The paper explores a series of free-market policies pursued or enacted in 2011 and 2012. Four states limited the minimum wage or at least to whom it applied, another four made it easier for children to work and 16 imposed new limits on unemployment benefits.
Some states pursued legislation that would make it harder for employees to collect overtime or recover wages that hadn’t been paid. And others also passed or pursued laws that restricted the rights of local governments to set their own standards. In Florida, for example, an Orange County movement to require paid sick leave was quashed when the state passed a law prohibiting counties and cities from enacting such measures.
The report represents a shift from EPI’s typically wonky fare.
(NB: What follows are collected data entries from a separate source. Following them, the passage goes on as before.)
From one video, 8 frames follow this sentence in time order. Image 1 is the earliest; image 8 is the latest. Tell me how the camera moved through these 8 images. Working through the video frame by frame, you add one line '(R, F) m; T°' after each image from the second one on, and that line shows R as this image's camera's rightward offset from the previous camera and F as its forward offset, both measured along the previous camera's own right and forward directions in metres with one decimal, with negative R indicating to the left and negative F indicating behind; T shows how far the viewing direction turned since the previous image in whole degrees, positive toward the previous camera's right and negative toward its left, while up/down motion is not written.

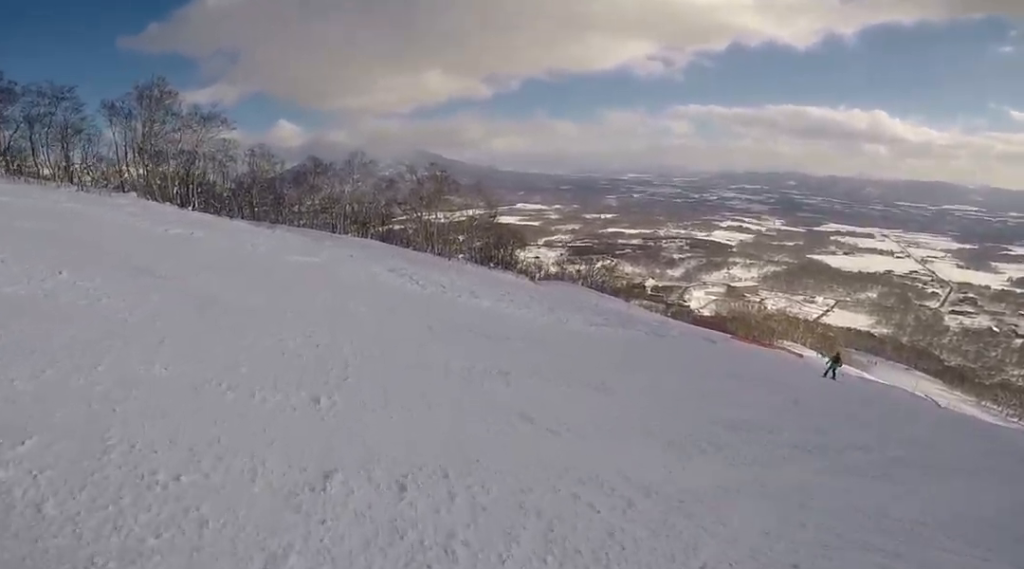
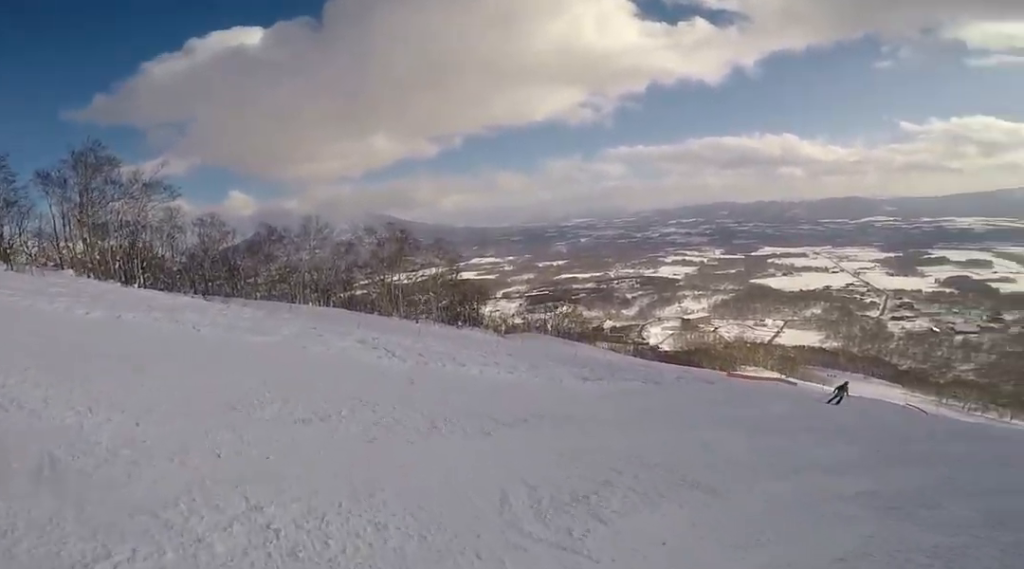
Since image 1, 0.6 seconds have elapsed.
(+0.3, +2.9) m; +1°
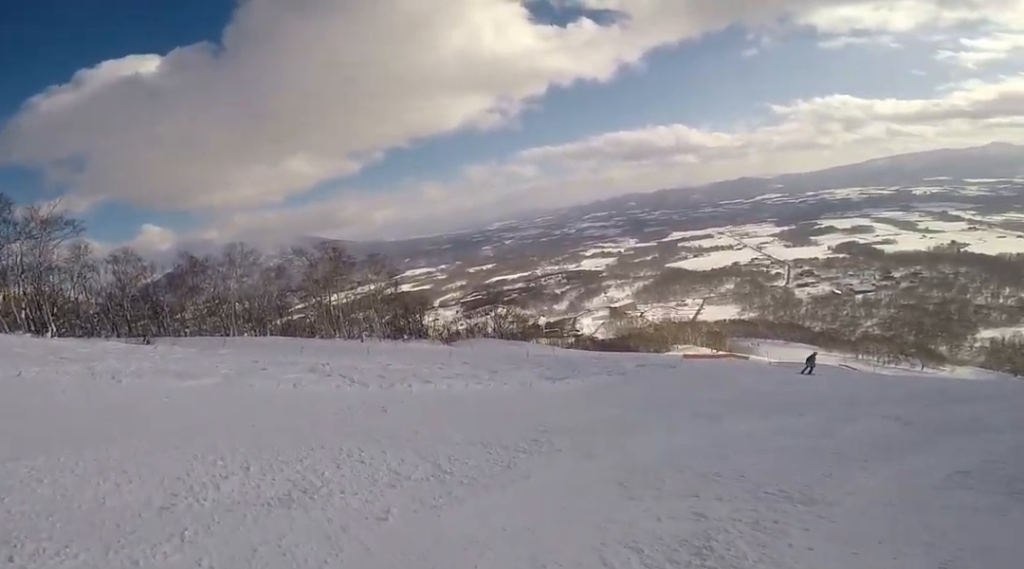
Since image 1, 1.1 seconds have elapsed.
(+0.5, +2.0) m; +1°
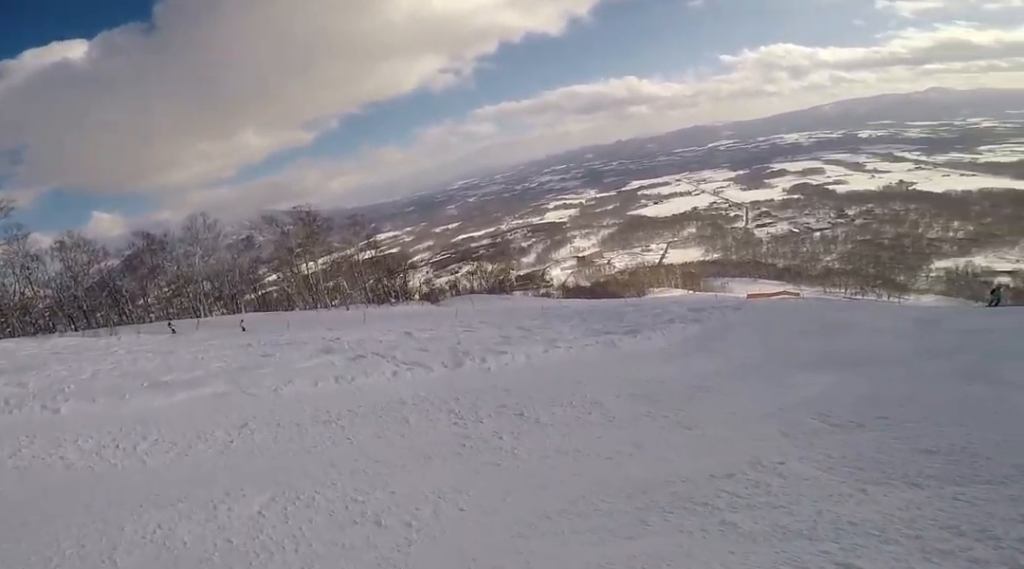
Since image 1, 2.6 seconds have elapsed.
(-1.0, +6.8) m; +10°
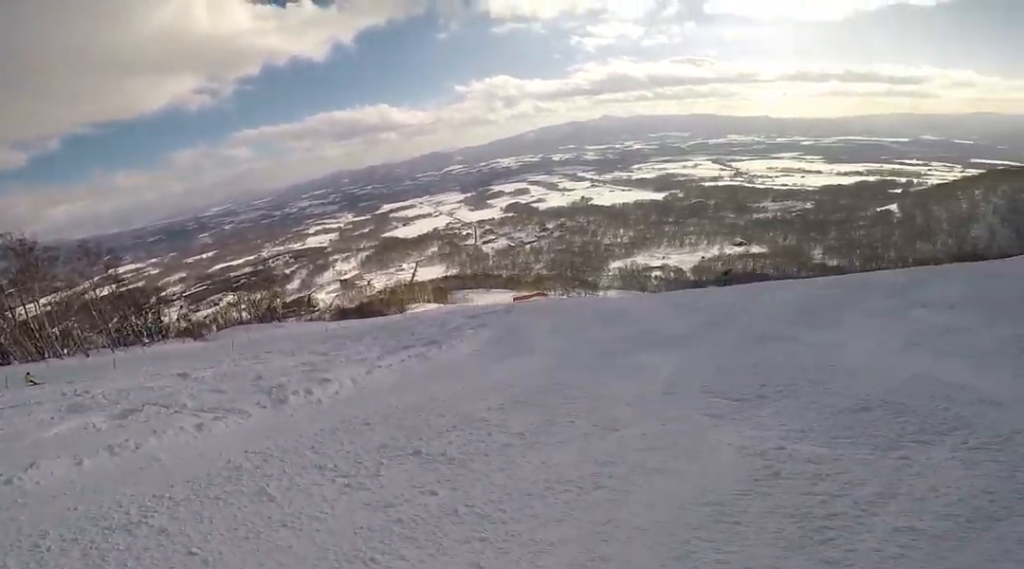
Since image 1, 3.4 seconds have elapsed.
(+0.2, +2.5) m; +33°
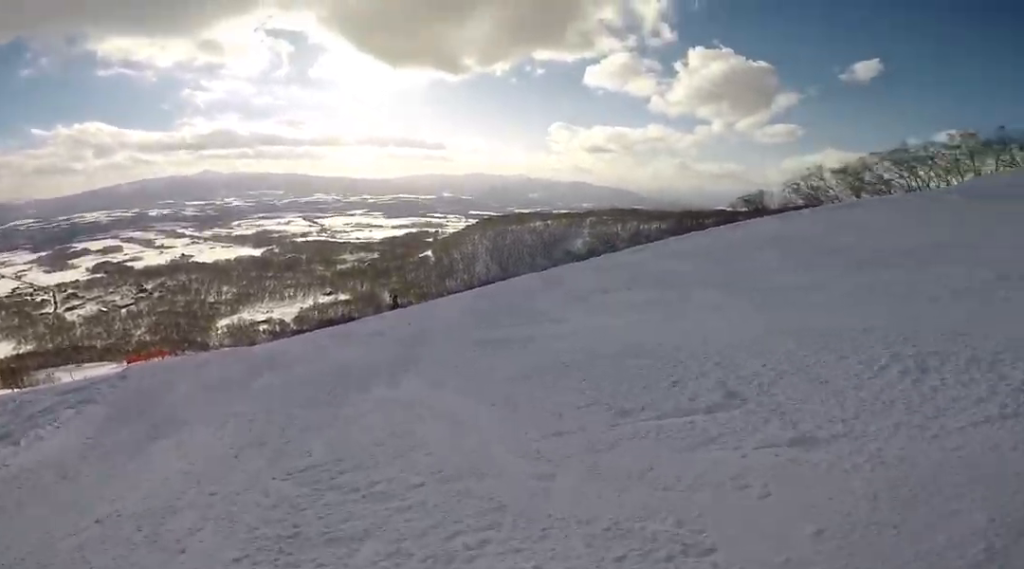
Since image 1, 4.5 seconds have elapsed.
(+2.9, +3.5) m; +53°
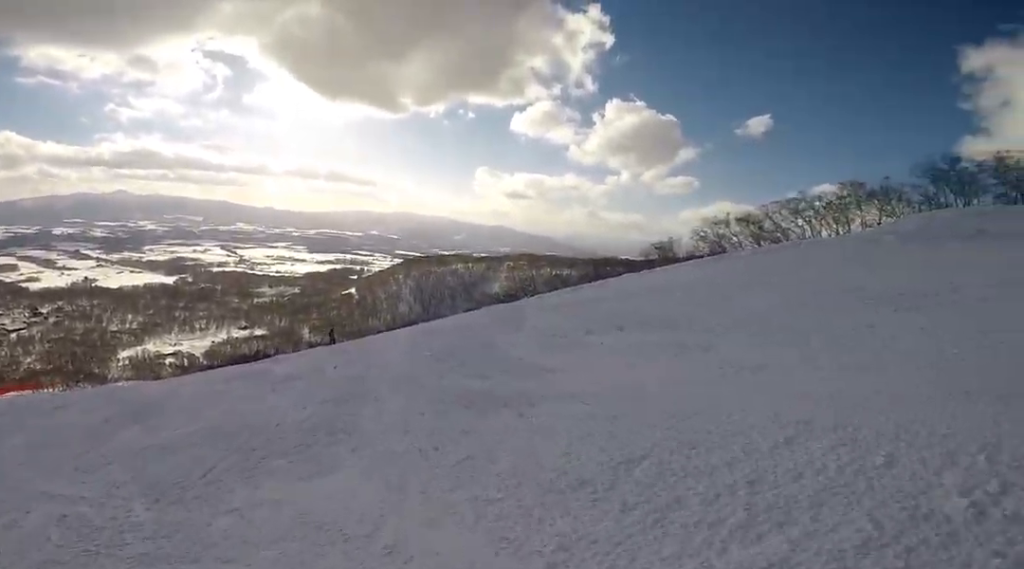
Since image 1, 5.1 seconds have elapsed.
(+0.5, +2.8) m; +10°
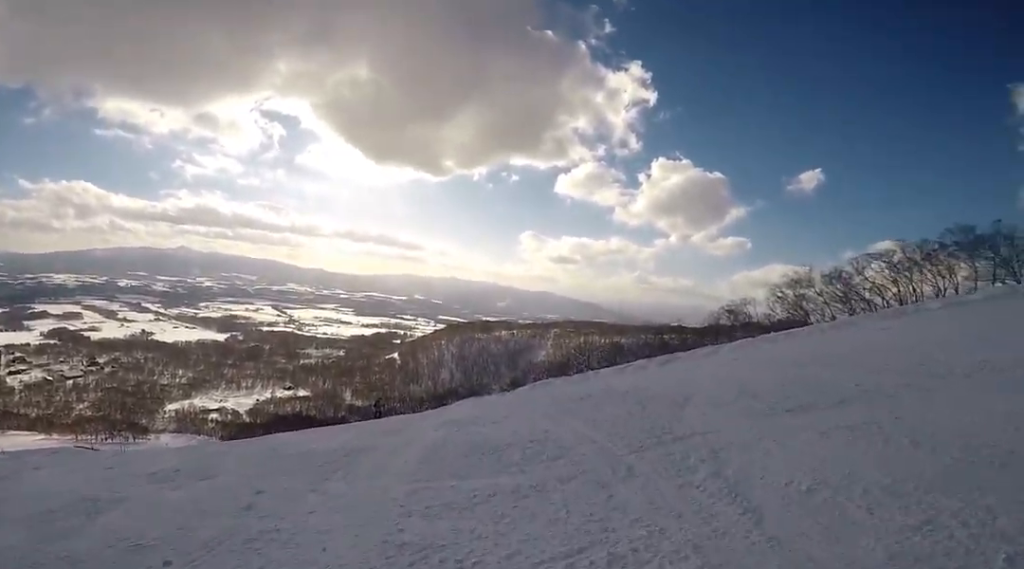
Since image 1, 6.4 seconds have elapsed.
(+0.6, +6.2) m; +13°

It ascribes a narrative, supported by research, to a recent policy trend: wage and labor deregulation, driven by the agenda of a set of national pro-business groups.
“The most powerful corporate lobbies in the country are working across the country in every state legislature and on almost every dimension of the labor market to lower wages and benefits,” Lafer said on Thursday.
Those groups include the pro-business Chamber of Commerce, National Association of Manufacturers, the Club for Growth, Americans for Prosperity and the American Legislative Exchange Council. That last group, ALEC, has played a particularly significant role, he says.
ALEC, a non-profit that advocates for free markets and limited government, provides a library of model legislation for its nearly 2,000 lawmaker-members to use and modify. It also counts nearly 300 corporations and foundations as members, though several have left as the organization came under fire in recent years.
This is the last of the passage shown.